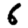
Digit: 6
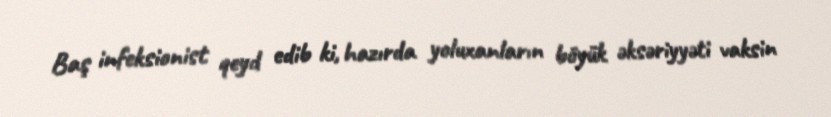
Baş infeksionist qeyd edib ki, hazırda yoluxanların böyük əksəriyyəti vaksin
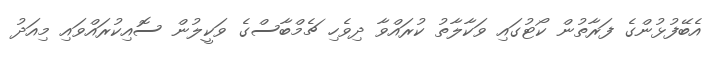
އެބޭފުޅުންގެ ފަރާތުން ކޯޓުގައި ވަކާލާތު ކުރައްވާ ދިވެހި ޗެމްބާސްގެ ވަކީލުން ސޮއިކުރައްވައި މިއަދު
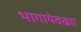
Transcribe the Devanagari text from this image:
भागायेवढ्या
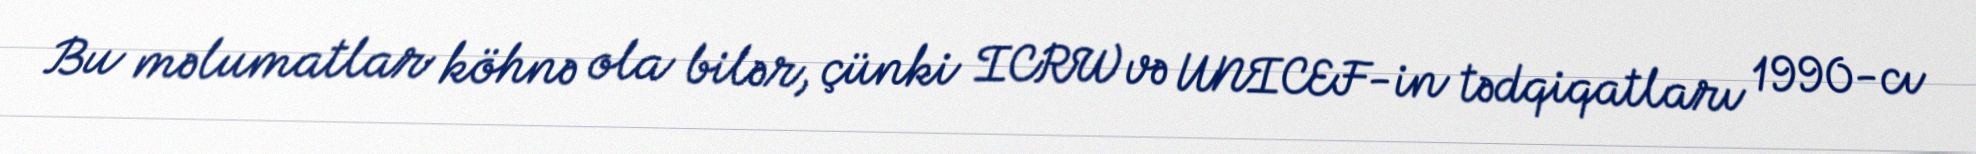
Bu məlumatlar köhnə ola bilər, çünki ICRW və UNICEF-in tədqiqatları 1990-cı
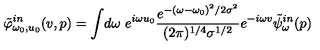
\tilde { \varphi } _ { \omega _ { 0 } , u _ { 0 } } ^ { i n } ( v , p ) = \int \! d \omega \ e ^ { i \omega u _ { 0 } } { \frac { e ^ { - ( \omega - \omega _ { 0 } ) ^ { 2 } / 2 \sigma ^ { 2 } } } { ( { 2 \pi } ) ^ { 1 / 4 } \sigma ^ { 1 / 2 } } } e ^ { - i \omega v } { \tilde { \psi } } _ { \omega } ^ { i n } ( p )
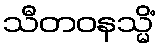
သီတဝနသ္မိံ
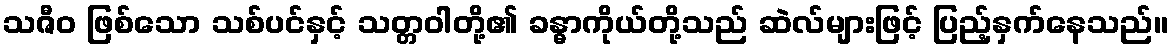
သဇီဝ ဖြစ်သော သစ်ပင်နှင့် သတ္တဝါတို့၏ ခန္ဓာကိုယ်တို့သည် ဆဲလ်များဖြင့် ပြည့်နှက်နေသည်။
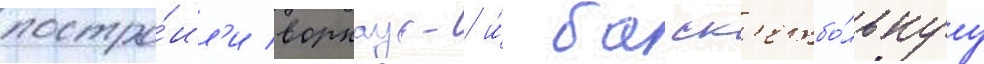
постро́ил'и воркаут- и́ баск'етбо́льнуу
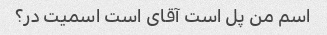
اسم من پل است آقای است اسمیت در؟
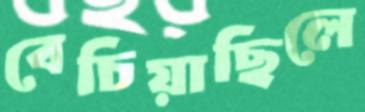
বেচিয়াছিলে
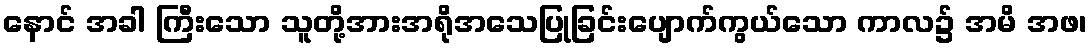
နောင် အခါ ကြီးသော သူတို့အားအရိုအသေပြုခြင်းပျောက်ကွယ်သော ကာလ၌ အမိ အဖ၊
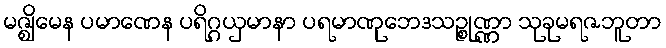
မဇ္ဈိမေန ပမာဏေန ပရိဂ္ဂယှမာနာ ပရမာဏုဘေဒသဉ္စုဏ္ဏာ သုခုမရဇဘူတာ
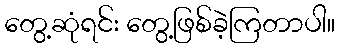
တွေ့ဆုံရင်း တွေ့ဖြစ်ခဲ့ကြတာပါ။
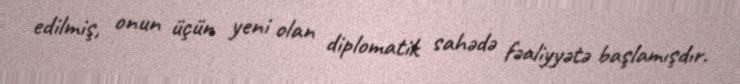
edilmiş, onun üçün yeni olan diplomatik sahədə fəaliyyətə başlamışdır.
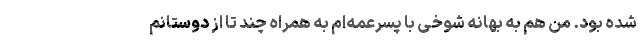
شده بود. من هم به بهانه شوخی با پسرعمه‌ام به همراه چند تا از دوستانم
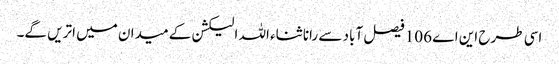
اسی طرح این اے 106 فیصل آباد سے رانا ثناء اللہ الیکشن کے میدان میں اتریں گے۔
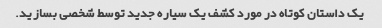
یک داستان کوتاه در مورد کشف یک سیاره جدید توسط شخصی بسازید.
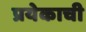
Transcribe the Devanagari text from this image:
प्रयेकाची
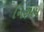
નિરૂપમ

- [Prompt] Your copy should hold exactly the lines from the one that contains "постро́ил'и воркаут- и́ баск'етбо́льнуу" through the final line of the data, both ends included, and no pictures.

- [Response to the exercise]
постро́ил'и воркаут- и́ баск'етбо́льнуу
اسم من پل است آقای است اسمیت در؟
বেচিয়াছিলে
နောင် အခါ ကြီးသော သူတို့အားအရိုအသေပြုခြင်းပျောက်ကွယ်သော ကာလ၌ အမိ အဖ၊
မဇ္ဈိမေန ပမာဏေန ပရိဂ္ဂယှမာနာ ပရမာဏုဘေဒသဉ္စုဏ္ဏာ သုခုမရဇဘူတာ
တွေ့ဆုံရင်း တွေ့ဖြစ်ခဲ့ကြတာပါ။
edilmiş, onun üçün yeni olan diplomatik sahədə fəaliyyətə başlamışdır.
شده بود. من هم به بهانه شوخی با پسرعمه‌ام به همراه چند تا از دوستانم
اسی طرح این اے 106 فیصل آباد سے رانا ثناء اللہ الیکشن کے میدان میں اتریں گے۔
یک داستان کوتاه در مورد کشف یک سیاره جدید توسط شخصی بسازید.
Transcribe the Devanagari text from this image:
प्रयेकाची
નિરૂપમ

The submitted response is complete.